Rientriamo in post-tema per spiegare la prima parte del titolo: L’EFFETTO USCIO!

Avete mai sperimentato l’effetto uscio? Mi spiego! Per effetto uscio intendo quella strana condizione di chi, dopo una lunga giornata di lavoro che non gli ha permesso neanche una sosta per andare al bagno, si trova finalmente davanti alla porta di casa e non ce la fa proprio più, gli scappa talmente tanto che appena entra deve correre per non farsela addosso. Ciò che non è stato un problema per ore diventa insostenibile ad un passo da casa perché la tensione accumulata durante il giorno si allenta e non sei più in grado di resistere o controllare neanche i più elementari bisogni. Chiaramente non so se scientificamente esista un “effetto uscio”, diciamo che l’esperienza empirica nel mio caso dice di si. Sta di fatto che nel 2011 quando in televisione Monti e la Fornero annunciarono una finanziaria lacrime e sangue, condita dalla famigerata riforma delle pensioni omonima, molti lavoratori italiani arrivati sull’uscio del pensionamento scoprirono di non avere più le chiavi di casa e se la dovettero fare letteralmente nei pantaloni! Per il loro bene e senza avvertire, qualche protettore dell’umanità ispirato da principi superiori, aveva ben pensato di cambiare la serratura (a nostre spese), perché altrimenti le 10 piaghe d’Egitto si sarebbero abbattute sulla povera Italia. Sti signori non conoscevano certo la bellissima poesia LA MIA ANIMA HA FRETTA di Mario de ANDRADE! Se non la conoscete vi consiglio di leggerla perché ci fa percepire benissimo l’enormità del dramma con cui vengono gestite le nostre vite da un sistema sociale ed economico totalmente sbagliato. Ogni secondo di vita è una stilla più preziosa e lucente di qualsiasi tesoro presente nel mondo, quindi di che cosa parlano quelli che imputano al debito e agli sprechi ogni male? L’unico male che conta è quello che ci impedisce di gestire al meglio la vita che ci è stata donata, come espresso magistralmente nella Costituzione quando si afferma: E` compito della Repubblica rimuovere gli ostacoli di ordine economico e sociale, che, limitando di fatto la libertà e l’eguaglianza dei cittadini, impediscono il pieno sviluppo della persona umana e l’effettiva partecipazione di tutti i lavoratori all’organizzazione politica, economica e sociale del Paese.” (articolo 3).

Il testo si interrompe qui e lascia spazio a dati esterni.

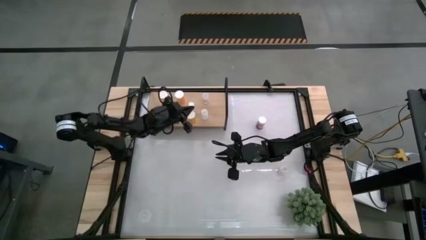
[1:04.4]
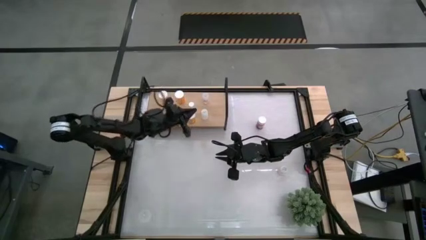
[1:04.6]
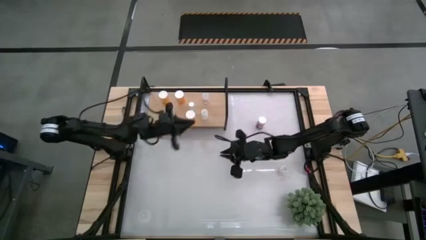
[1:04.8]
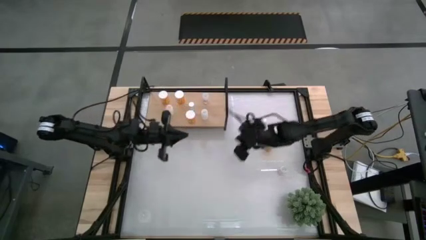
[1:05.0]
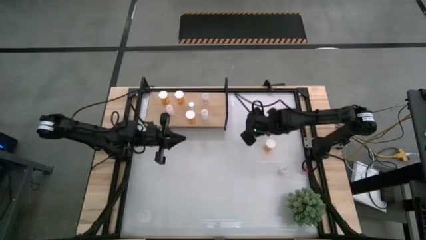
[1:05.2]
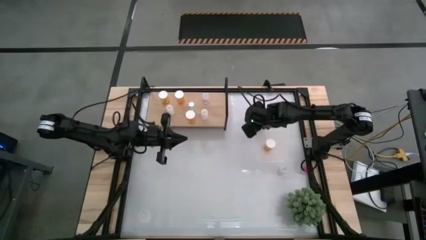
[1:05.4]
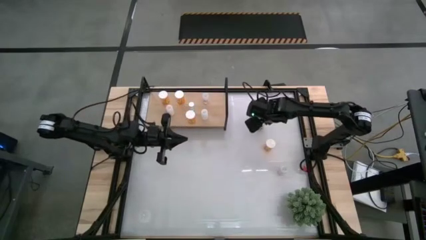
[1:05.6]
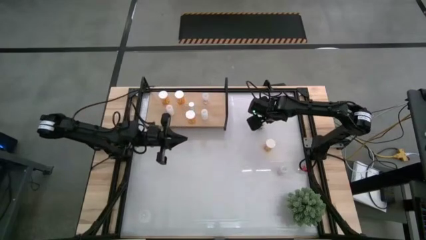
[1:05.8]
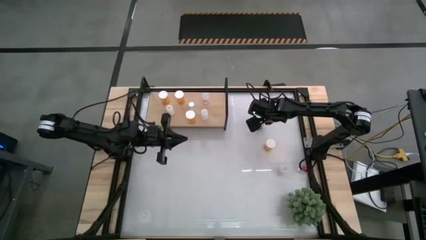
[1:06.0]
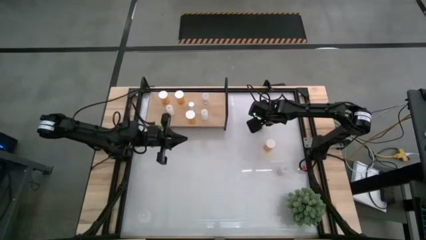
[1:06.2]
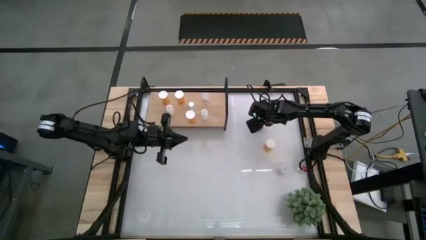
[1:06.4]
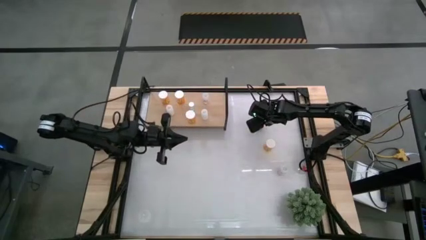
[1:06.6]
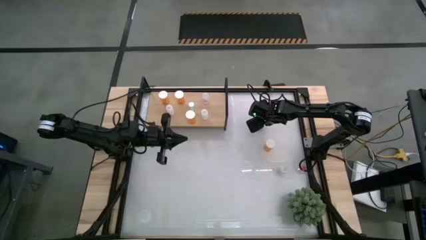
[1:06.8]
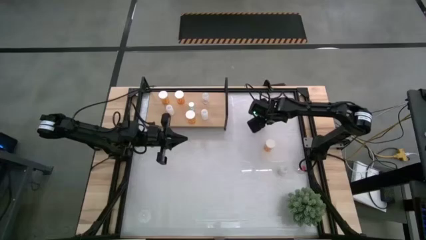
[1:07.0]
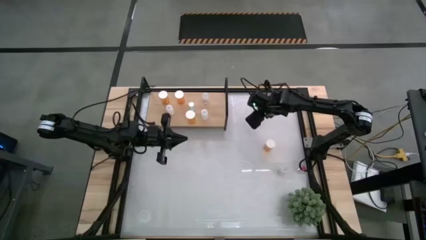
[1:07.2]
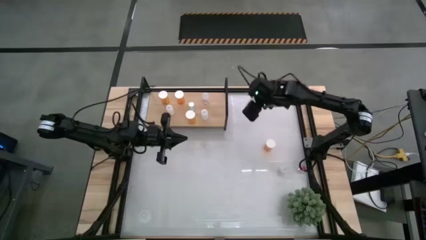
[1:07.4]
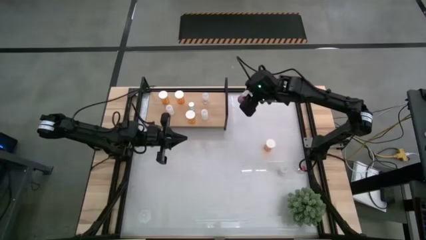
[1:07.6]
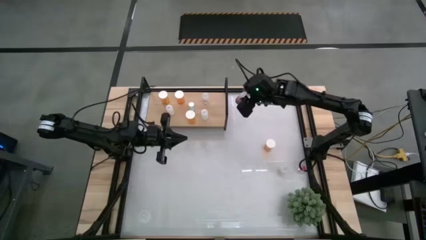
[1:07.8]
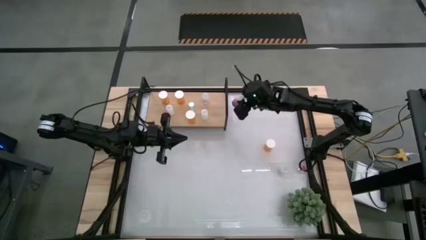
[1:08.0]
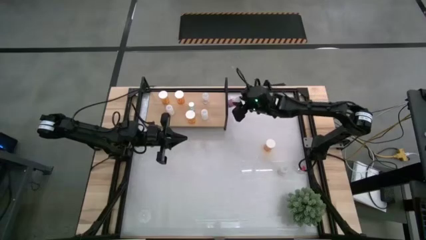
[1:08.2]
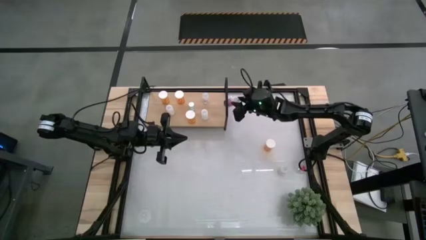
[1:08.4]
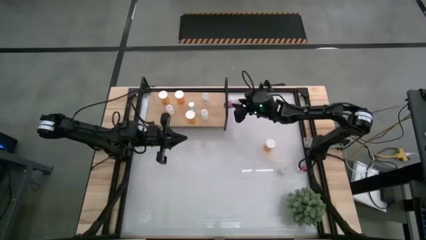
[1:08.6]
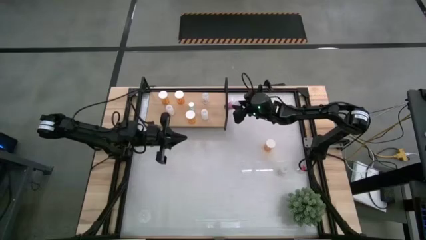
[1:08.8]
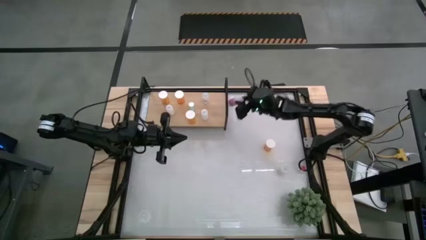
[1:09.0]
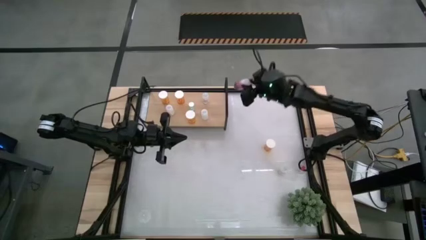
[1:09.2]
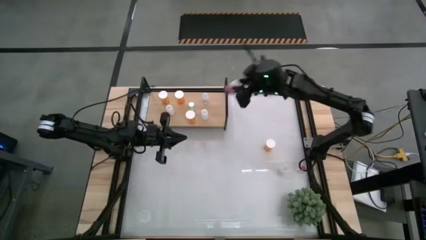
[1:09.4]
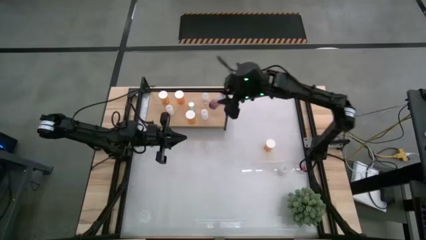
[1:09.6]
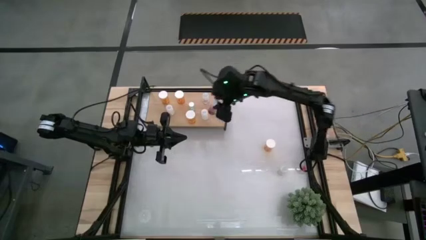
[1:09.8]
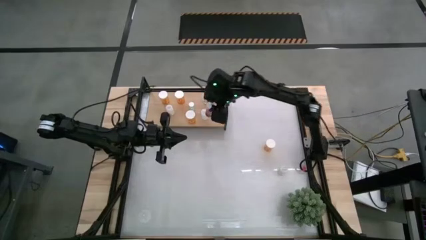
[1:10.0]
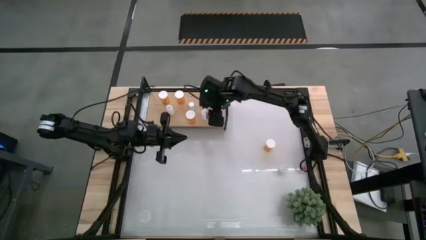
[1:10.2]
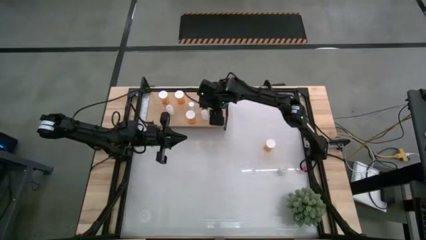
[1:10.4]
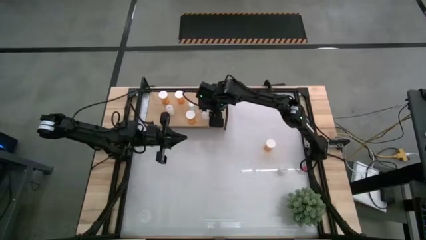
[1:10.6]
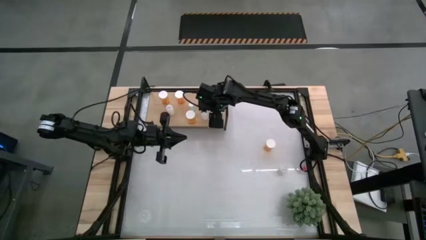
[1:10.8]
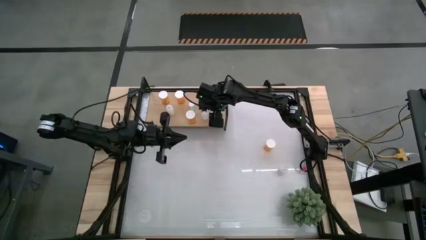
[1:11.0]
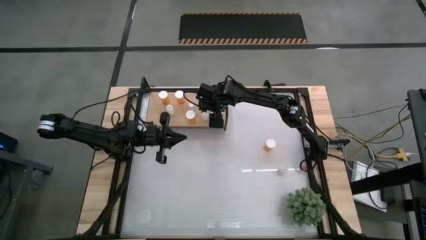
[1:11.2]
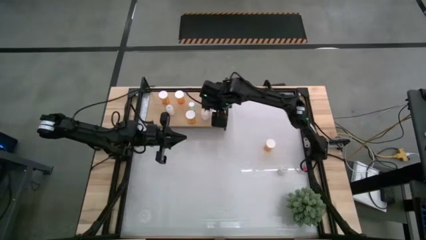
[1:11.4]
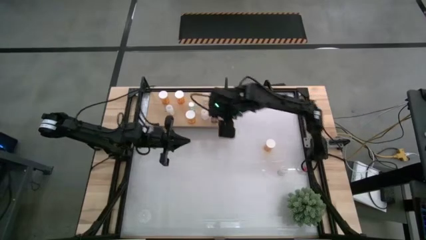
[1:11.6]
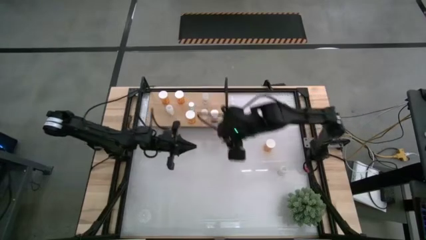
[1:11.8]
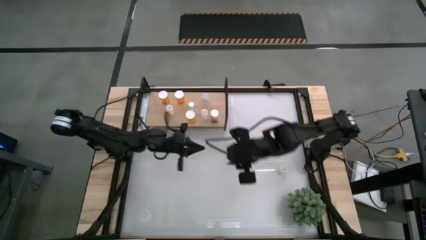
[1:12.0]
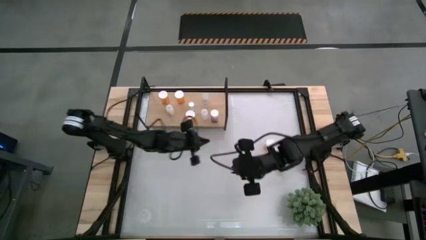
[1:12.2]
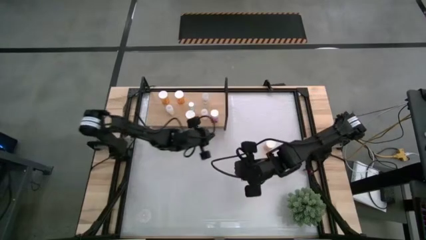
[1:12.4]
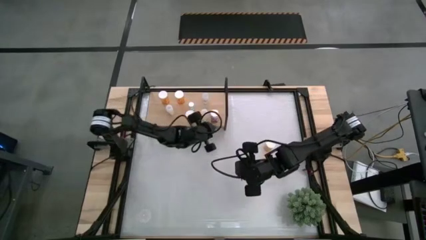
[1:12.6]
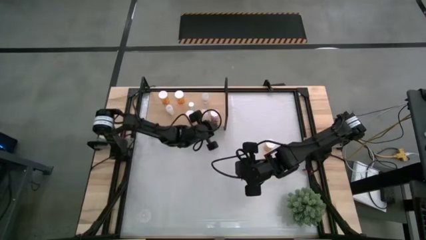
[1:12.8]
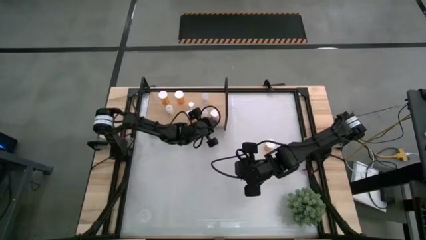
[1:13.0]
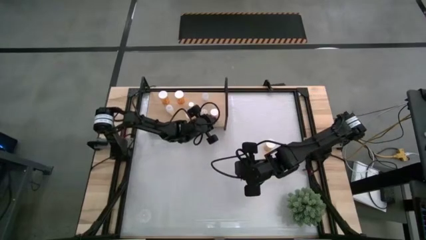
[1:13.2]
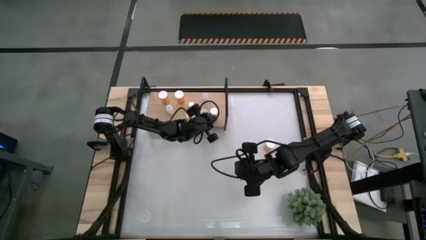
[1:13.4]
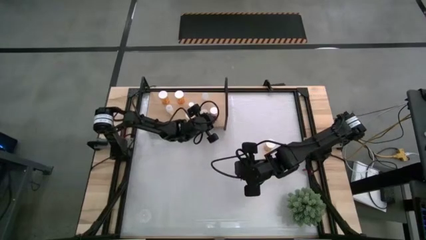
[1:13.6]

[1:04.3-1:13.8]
Task: Pick and place medicine bottles onto shelf by color
Put the large white pill bottle on the shelf

Confrontatelo con quelli che affermano: “Non ce lo possiamo permettere, non ci sono i soldi, abbiamo vissuto al di sopra delle nostre possibilità, non abbiamo saputo utilizzare al meglio il dividendo dell’euro, servono le RIFORME, le RIFORME, le RIFORMEEEEEEEEEEEEEE!!!!!!!!”

Uguale uguale a sopra vero?
Ma ritorniamo a quello che accadde… migliaia di persone dopo anni di fatica e tensione accumulata sul lavoro videro negati i più elementari bisogni, quelli relativi al diritto di gestire il proprio tempo e la propria vita, sacrificati entrambi in nome di principi contabili non meglio definiti. E come conseguenza di scelte economiche sbagliate il paese subì una pesante recessione (ben 12 trimestri consecutivi) e il rapporto deficit/pil superò abbondantemente il 130%, la disoccupazione esplose andando oltre il 12%! Ma i costi sociali ed economici di queste scelte non sembrano interessare più di tanto i critici “a prescindere” delle scelte economiche di questo governo. Perché se non sono disastri i numeri realizzati dai governi precedenti, che hanno sempre seguito le indicazioni proveniente dall’Europa con piccoli aggiustamenti (concessioni le chiamano), che cosa dovremmo aspettarci secondo i tanti catastrofisti che appaiono in continuazione sui media nostrani?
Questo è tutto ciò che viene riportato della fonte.